> [Problem]: Going line by line through the entries below, note each one with "follow", then report how many there are and nothing else.

══ Given records ══

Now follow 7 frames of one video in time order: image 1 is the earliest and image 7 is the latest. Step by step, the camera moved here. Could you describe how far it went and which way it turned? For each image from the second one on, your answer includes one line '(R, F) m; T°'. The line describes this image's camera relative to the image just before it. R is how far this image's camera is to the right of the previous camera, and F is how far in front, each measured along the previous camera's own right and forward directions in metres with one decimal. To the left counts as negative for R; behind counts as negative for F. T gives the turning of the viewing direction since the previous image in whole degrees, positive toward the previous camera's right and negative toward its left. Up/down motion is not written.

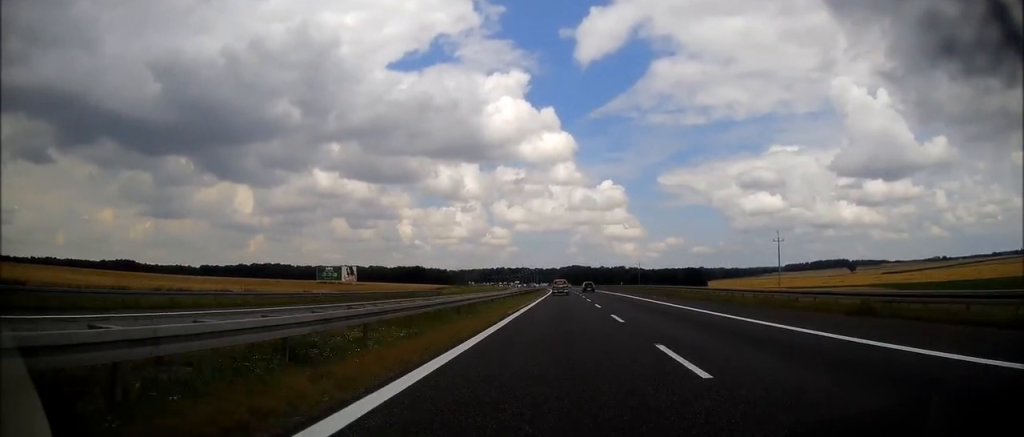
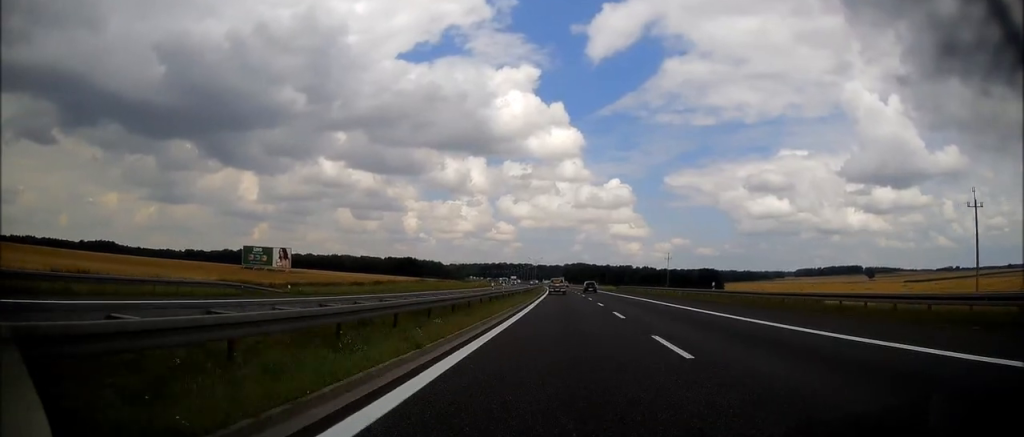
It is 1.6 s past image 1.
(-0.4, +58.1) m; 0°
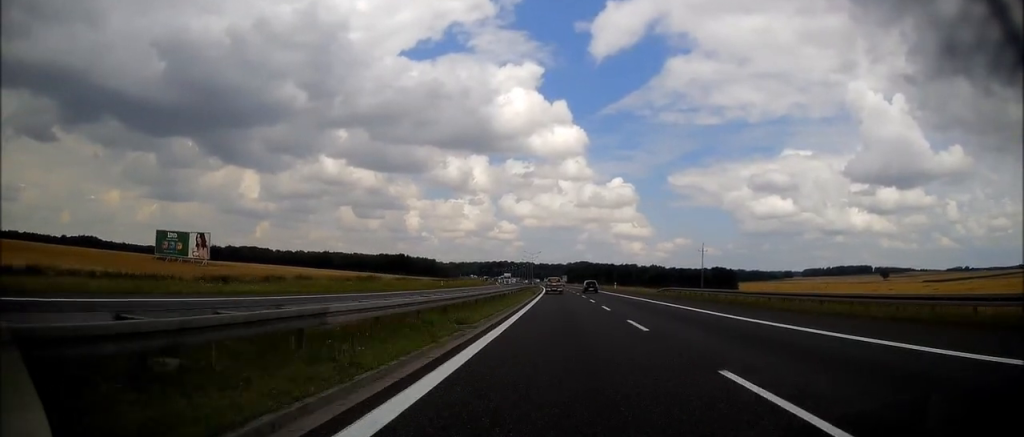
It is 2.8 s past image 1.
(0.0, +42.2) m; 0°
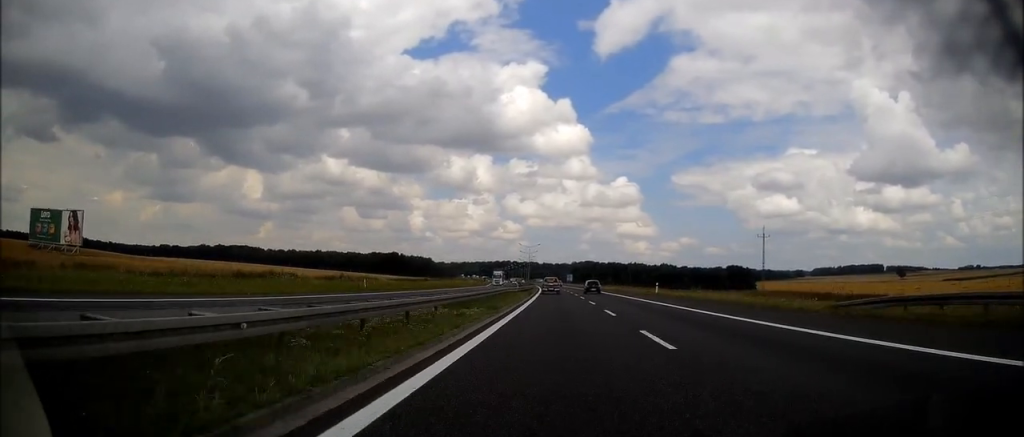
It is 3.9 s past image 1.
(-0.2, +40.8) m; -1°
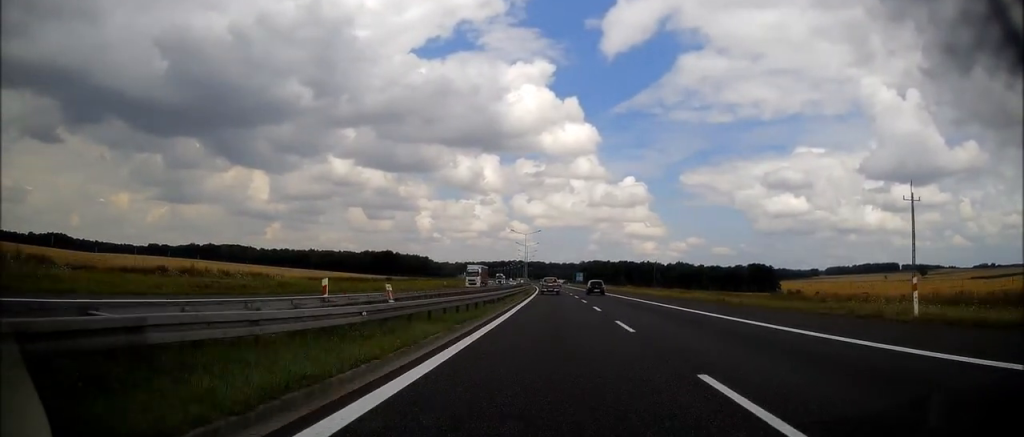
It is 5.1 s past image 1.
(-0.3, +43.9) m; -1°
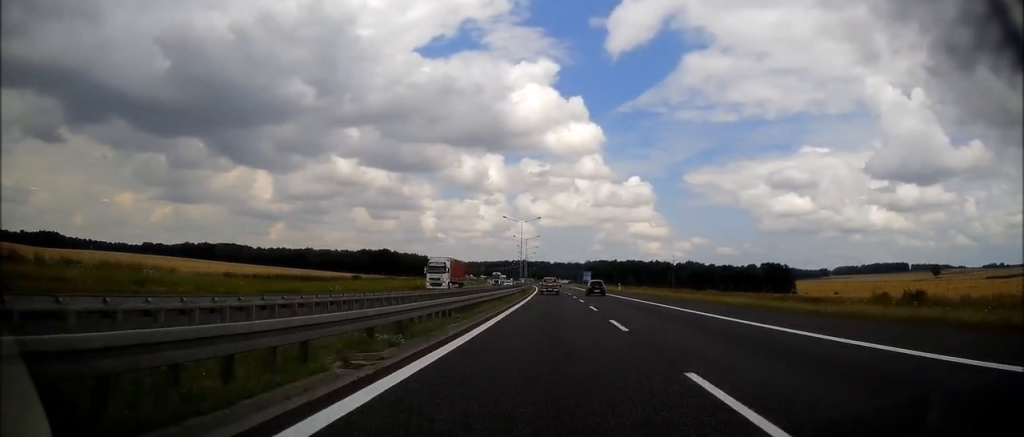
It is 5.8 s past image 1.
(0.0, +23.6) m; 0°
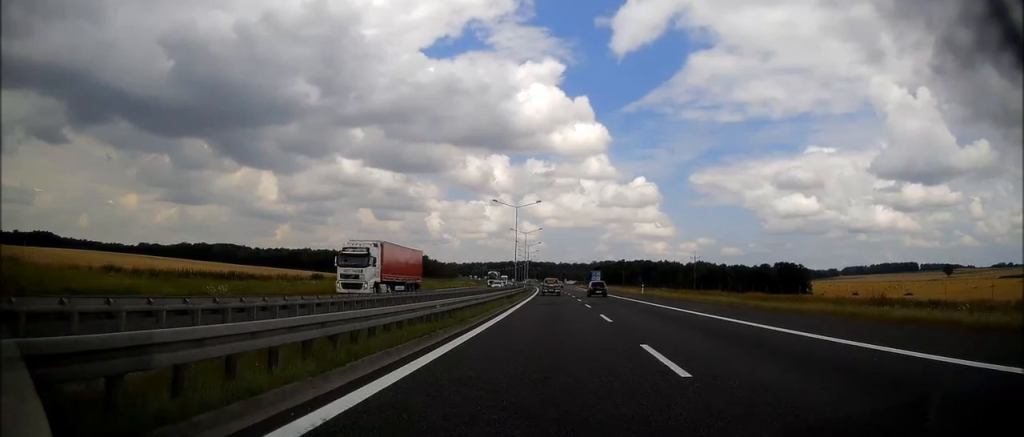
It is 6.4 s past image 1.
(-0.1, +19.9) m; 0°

═══
══ Given records ══

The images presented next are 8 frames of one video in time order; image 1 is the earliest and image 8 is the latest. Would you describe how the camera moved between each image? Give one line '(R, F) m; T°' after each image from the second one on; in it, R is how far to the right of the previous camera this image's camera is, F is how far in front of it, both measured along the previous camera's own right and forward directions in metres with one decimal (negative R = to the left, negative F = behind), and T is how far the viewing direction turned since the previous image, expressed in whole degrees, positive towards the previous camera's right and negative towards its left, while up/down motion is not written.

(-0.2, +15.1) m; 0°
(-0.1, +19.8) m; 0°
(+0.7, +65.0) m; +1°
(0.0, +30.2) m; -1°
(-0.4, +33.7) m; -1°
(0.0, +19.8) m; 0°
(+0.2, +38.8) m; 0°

═══
══ Given records ══

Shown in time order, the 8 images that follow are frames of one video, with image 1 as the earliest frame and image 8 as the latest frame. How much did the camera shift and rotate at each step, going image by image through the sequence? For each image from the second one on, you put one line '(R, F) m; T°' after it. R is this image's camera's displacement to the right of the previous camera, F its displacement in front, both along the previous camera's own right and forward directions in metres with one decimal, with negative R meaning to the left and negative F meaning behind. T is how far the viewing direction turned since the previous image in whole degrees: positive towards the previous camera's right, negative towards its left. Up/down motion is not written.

═══

> [Written solution]: 2